As it begins its sixth year, the Pioneer Scholars program continues to succeed in providing necessary support for first-generation freshmen. Of the nearly 680 registered freshmen for 2013-14, about 245 are first-generation students. All first-generation students are assigned a peer mentor (upperclassman first-generation student) that works with them throughout the year. If your student is first-generation, meaning that his or her generation is the first in your family to attend college, and he or she has not mentioned “Pioneers,” have him or her contact Lindsey Peetz-Murray at email@example.com to sign up.
Pioneer Scholars was designed to provide additional support and guidance for first-generation students, who may be confronted with, and perhaps intimidated by, educational, emotional, social and financial struggles particular to the first-generation experience.
The program, run by the Academic Resource Center and co-directed by Lindsey Peetz-Murray and Amy Siegel, is comprised of a wealth of events scheduled exclusively to appeal to these students. At the start of the year, students are assigned small groups led by peer mentors. The peer mentors, a trained and dedicated group of students, make weekly contact with their group members in some way. In some instances all Pioneers and mentors gather for organized activities (like the Welcome Party, Field Day, and the Faculty First-generation Panel); at other times, small groups meet individually for activities planned by their peer mentor.

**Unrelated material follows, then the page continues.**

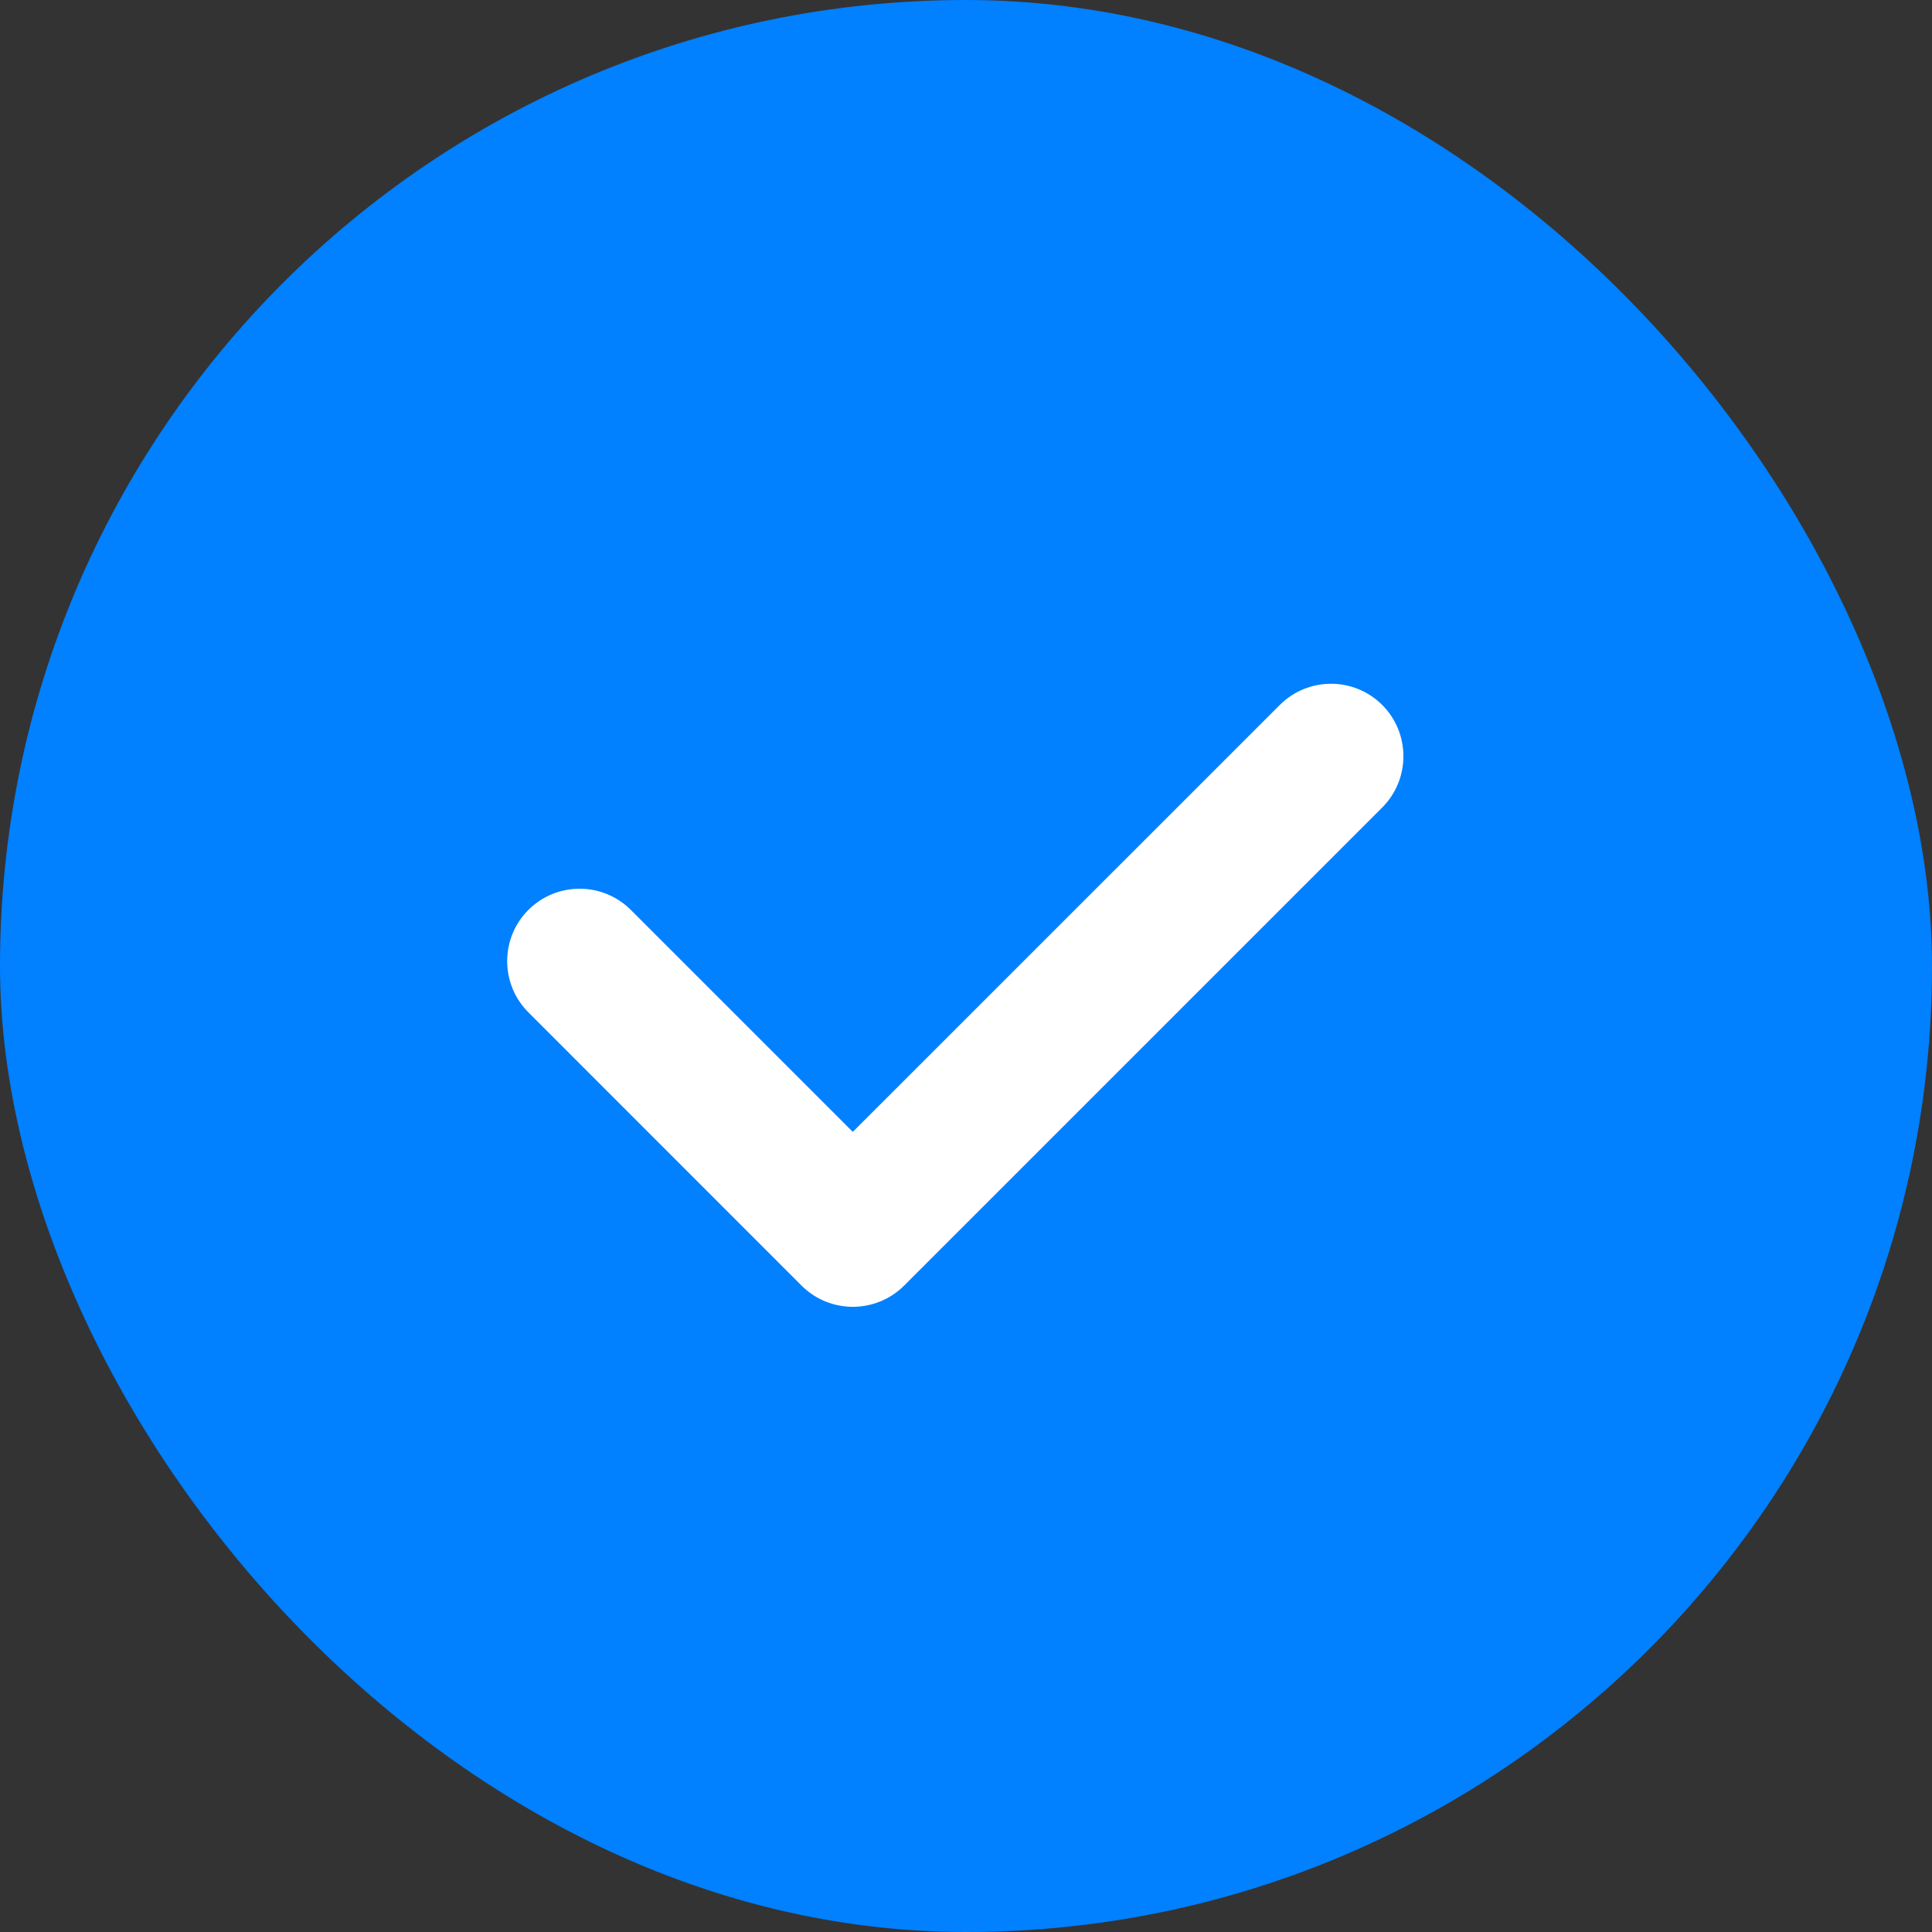 <?xml version="1.0" encoding="UTF-8"?> <svg xmlns="http://www.w3.org/2000/svg" width="20" height="20" viewBox="0 0 20 20" fill="none"><rect x="0" y="0" width="20" height="20" fill="#333333" stroke="none"/> <g id="20/Success"> <rect width="20" height="20" rx="10" fill="#0180FF"></rect> <path id="Vector 1681 (Stroke)" fill-rule="evenodd" clip-rule="evenodd" d="M14.309 7.298C14.601 7.591 14.601 8.066 14.309 8.359L9.359 13.309C9.066 13.601 8.591 13.601 8.298 13.309L5.47 10.48C5.177 10.187 5.177 9.712 5.47 9.419C5.763 9.127 6.237 9.127 6.53 9.419L8.828 11.717L13.248 7.298C13.541 7.005 14.016 7.005 14.309 7.298Z" fill="white"></path> </g> </svg> 
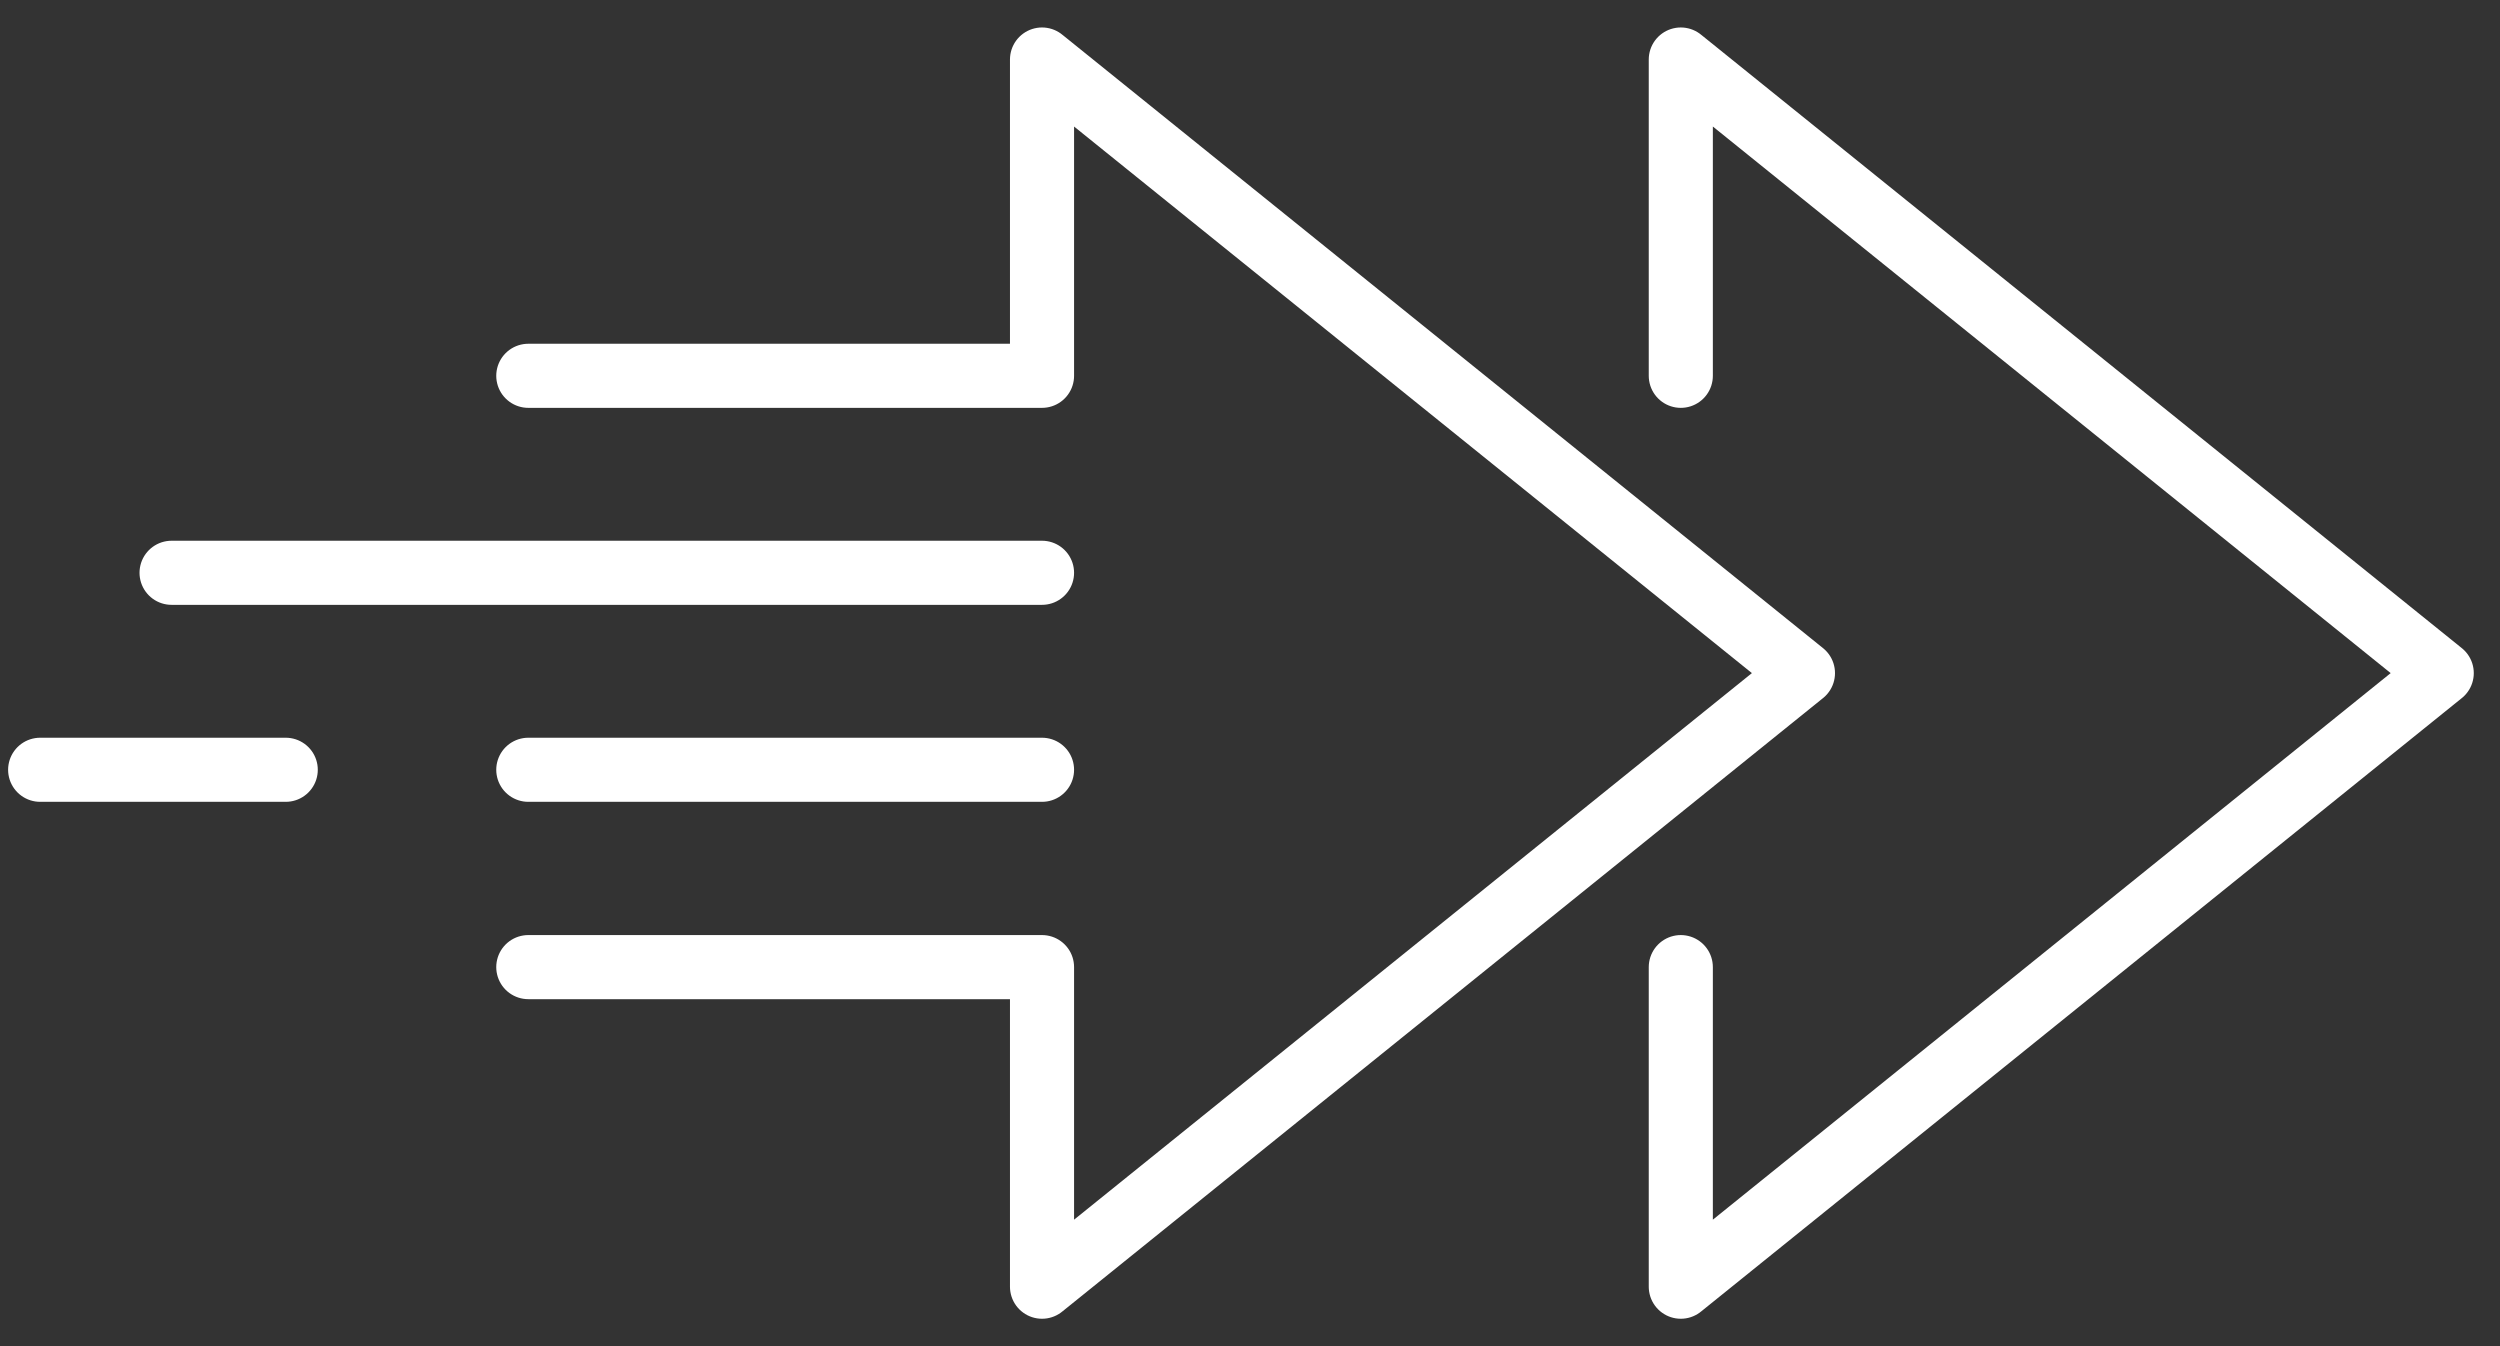 <?xml version="1.0" encoding="UTF-8"?> <svg xmlns="http://www.w3.org/2000/svg" width="78" height="42" viewBox="0 0 78 42" fill="none"><rect x="0" y="0" width="78" height="42" fill="#333333" stroke="none"/><g clip-path="url(#clip0_232_1957)"><path d="M16.483 30.174H32.511V40.145L56.252 21.001L32.511 1.857V11.725H16.483" stroke="white" stroke-width="2" stroke-linecap="round" stroke-linejoin="round"></path><path d="M52.441 30.174V40.145L76.182 21.001L52.441 1.857V11.725" stroke="white" stroke-width="2" stroke-linecap="round" stroke-linejoin="round"></path><path d="M32.511 17.871H5.353" stroke="white" stroke-width="2" stroke-linecap="round" stroke-linejoin="round"></path><path d="M32.511 24.017H16.483" stroke="white" stroke-width="2" stroke-linecap="round" stroke-linejoin="round"></path><path d="M8.915 24.017H1.253" stroke="white" stroke-width="2" stroke-linecap="round" stroke-linejoin="round"></path></g><defs><clipPath id="clip0_232_1957"><rect width="77" height="40.333" fill="white" transform="translate(0.218 0.834)"></rect></clipPath></defs></svg>

Statistics from the inaugural year of Pioneer Scholars prove that it works: actively participating Pioneer Scholars had a higher average GPA than those first-generation students who did not participate in the program. A higher percentage of active Pioneers returned for their sophomore year versus those who did not participate. In addition, many past Pioneer Scholars return to the program as peer mentors. The most important factor, student response, has been overwhelmingly positive. As Kandice Ford puts it: “I understand how important it is to be connected. I learned a lot from my peer mentor and from being a member of Pioneer Scholars this year, and I hope to be able to pass on my knowledge and experience to others.”